Radcliffe Conjures Brave New Role As Gay Poet
PARK CITY, Utah -- Daniel Radcliffe doesn't mind hearing that schoolgirls were staking him out at the Sundance Film Festival, hoping for a Harry Potter sighting.
In fact, Radcliffe is happy if his Potter fame conjures up interest for what he wants to do with the rest of his career, such as his bold turn as young gay poet Allen Ginsberg in the Sundance premiere "Kill Your Darlings."
Radcliffe goes nude for an explicit sex scene with another man, makes out with co-star Dane DeHaan and also appears in another sex scene with a clerk in a library while DeHaan's character looks on.
As with his Broadway debut in "Equus," which also featured a nude scene, Radcliffe said his celebrity from the boy wizard franchise might draw in fans who would not have seen a film such as "Kill Your Darlings."
"I don't care why people come and see films. If they come and see a film about the beat poets because they saw me in `Harry Potter,' fantastic.

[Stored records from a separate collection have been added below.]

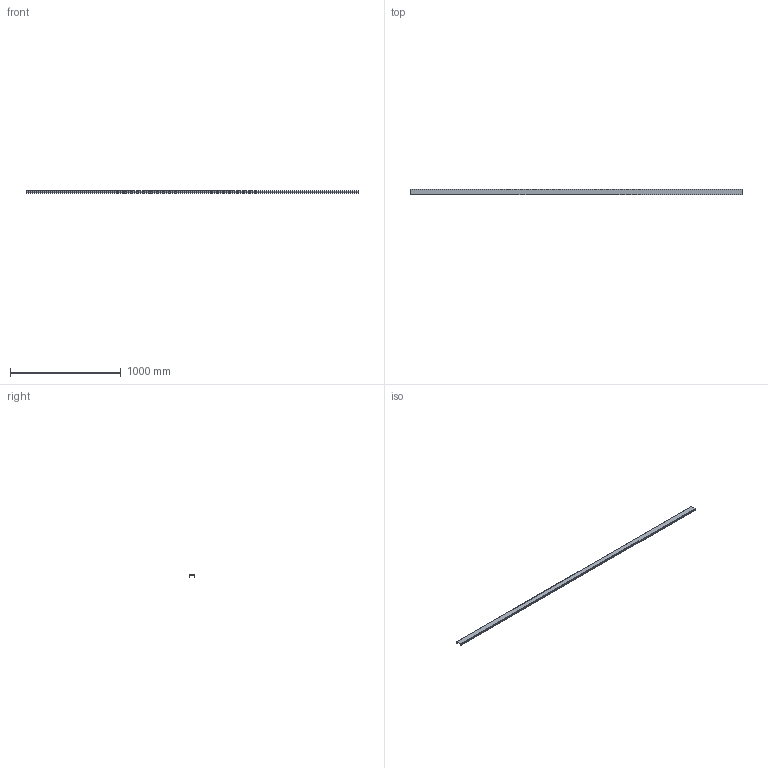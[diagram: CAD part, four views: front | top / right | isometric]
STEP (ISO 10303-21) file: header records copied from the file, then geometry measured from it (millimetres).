
FILE_DESCRIPTION(/* description */ (''),/* implementation_level */ '2;1');
FILE_NAME(/* name */ '340169.stp',/* time_stamp */ '2025-12-05T09:13:08+01:00',/* author */ ('mael.lecharpentier'),/* organization */ (''),/* preprocessor_version */ 'ST-DEVELOPER v20',/* originating_system */ 'AutoCAD Mechanical',/* authorisation */ '');
FILE_SCHEMA (('AUTOMOTIVE_DESIGN { 1 0 10303 214 3 1 1 }'));
Length unit declared in the file: millimetre
Products named in the file (1): Product
Bounding box: 3000 x 51.5 x 19.25 mm (x, y, z)
Volume: 201992.8 mm3; surface area: 543284.8 mm2
Topology: 1 solids, 1 shells, 22 faces, 60 edges, 40 vertices
Faces by surface type: cylinder 12, plane 10
Entity records: 738 total; most frequent: DIRECTION 130, CARTESIAN_POINT 123, ORIENTED_EDGE 120, EDGE_CURVE 60, AXIS2_PLACEMENT_3D 47, VERTEX_POINT 40, LINE 36, VECTOR 36

That's a wonderful thing," Radcliffe said in an interview alongside DeHaan. "I feel like I have an opportunity to capitalize on `Potter' by doing work that might not otherwise get attention. If I can help get a film like this attention, that's without doubt, that's a great thing."
"Kill Your Darlings" recounts a little-known chapter in the life of Ginsberg, who met Jack Kerouac (Jack Huston) and William S. Burroughs (Ben Foster) at Columbia University during World War II.

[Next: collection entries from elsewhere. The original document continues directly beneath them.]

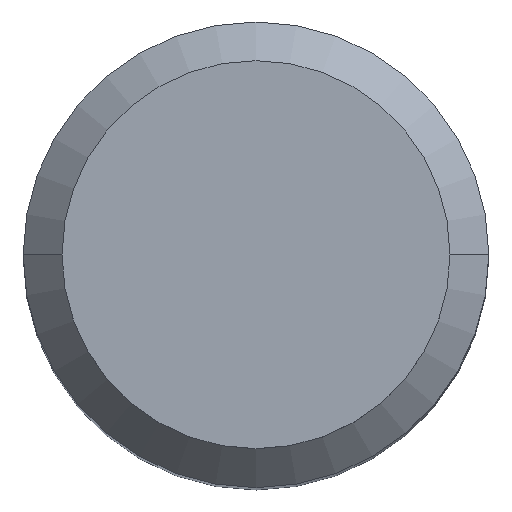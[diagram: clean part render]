
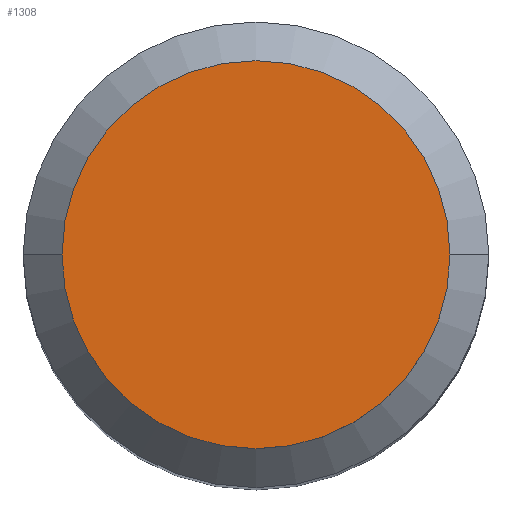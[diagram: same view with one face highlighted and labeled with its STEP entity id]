
A CAD part, top view. The second image highlights one B-rep face of the part: STEP entity #1308.
In plain terms, the highlighted planar face has unit normal (0, 0, 1).
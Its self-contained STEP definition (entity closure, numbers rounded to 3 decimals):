
#644=CARTESIAN_POINT('',(0.,0.,38.));
#645=DIRECTION('',(0.,0.,1.));
#646=DIRECTION('',(1.,0.,0.));
#647=AXIS2_PLACEMENT_3D('',#644,#645,#646);
#652=CARTESIAN_POINT('',(0.,0.,38.));
#653=DIRECTION('',(0.,0.,1.));
#654=DIRECTION('',(-1.,0.,0.));
#655=AXIS2_PLACEMENT_3D('',#652,#653,#654);
#668=CARTESIAN_POINT('',(5.,0.,38.));
#669=CARTESIAN_POINT('',(-5.,0.,38.));
#670=VERTEX_POINT('',#668);
#671=VERTEX_POINT('',#669);
#1299=CARTESIAN_POINT('',(0.,0.,38.));
#1300=DIRECTION('',(0.,0.,1.));
#1301=DIRECTION('',(1.,0.,0.));
#1302=AXIS2_PLACEMENT_3D('',#1299,#1300,#1301);
#1303=PLANE('',#1302);
#1304=ORIENTED_EDGE('',*,*,#789,.F.);
#1305=ORIENTED_EDGE('',*,*,#804,.F.);
#1306=EDGE_LOOP('',(#1304,#1305));
#1307=FACE_OUTER_BOUND('',#1306,.F.);
#1308=ADVANCED_FACE('',(#1307),#1303,.T.);
#648=CIRCLE('',#647,5.);
#656=CIRCLE('',#655,5.);
#789=EDGE_CURVE('',#670,#671,#648,.T.);
#804=EDGE_CURVE('',#671,#670,#656,.T.);

DeHaan plays Ginsberg's early idol and infatuation Lucien Carr, whose relationship with an obsessive older man (Michael C. Hall) involves the future beat-generation icons in a seamy murder case.
In the course of the film, Ginsberg comes to embrace his homosexuality. Hall said he hopes "Harry Potter" fans can come to embrace Radcliffe in the role and "expand their definition of what a magic wand might be."
"Kill Your Darlings" director John Krokidas said Radcliffe hurled himself into the role and treated the nudity and gay love scenes as just another part of the job, with no qualms or anxiety.
"None! None! None!" said Krokidas, who is gay and so became Radcliffe's coach in same-sex love-making.
"Radcliffe simply asked, `John, you're gay. How does this work?'" Krokidas said. "I'm not kidding. And so perhaps there was a little dry run-through - oh, she's going to kill me - with me and the director of photography Reed Morano.
"I might have done it on purpose to make everyone laugh, too, but I also wanted to make sure that we got it right. And other films that have depicted certain moments of sexuality like this, it doesn't happen that way. And at least for cinematic history, I wanted to get that moment right. But Dan watched, observed, found his own connection like he did any other scene and dove right into it."
"Kill Your Darlings" premiered Friday afternoon at Sundance's main theater, which is adjacent to a high school where classes were just letting out for the day. A group of teenage girls rushed from the school to the back of the theater, trying to determine where Radcliffe and his co-stars would be coming in and out.
Some stars grow to resent that sort of fan attention resulting from past roles, feeling it overshadows the work they're doing now. So far, Radcliffe seems to see nothing but good things coming out of "Harry Potter."
"There was a generation of people who maybe wouldn't have gone to see a production of `Equus,' had I not been in it, that came to see `Equus,'" Radcliffe said. "Even if they came for the wrong reasons, you know, we got them there, and they stayed, and they watched. And they stayed for the right reasons."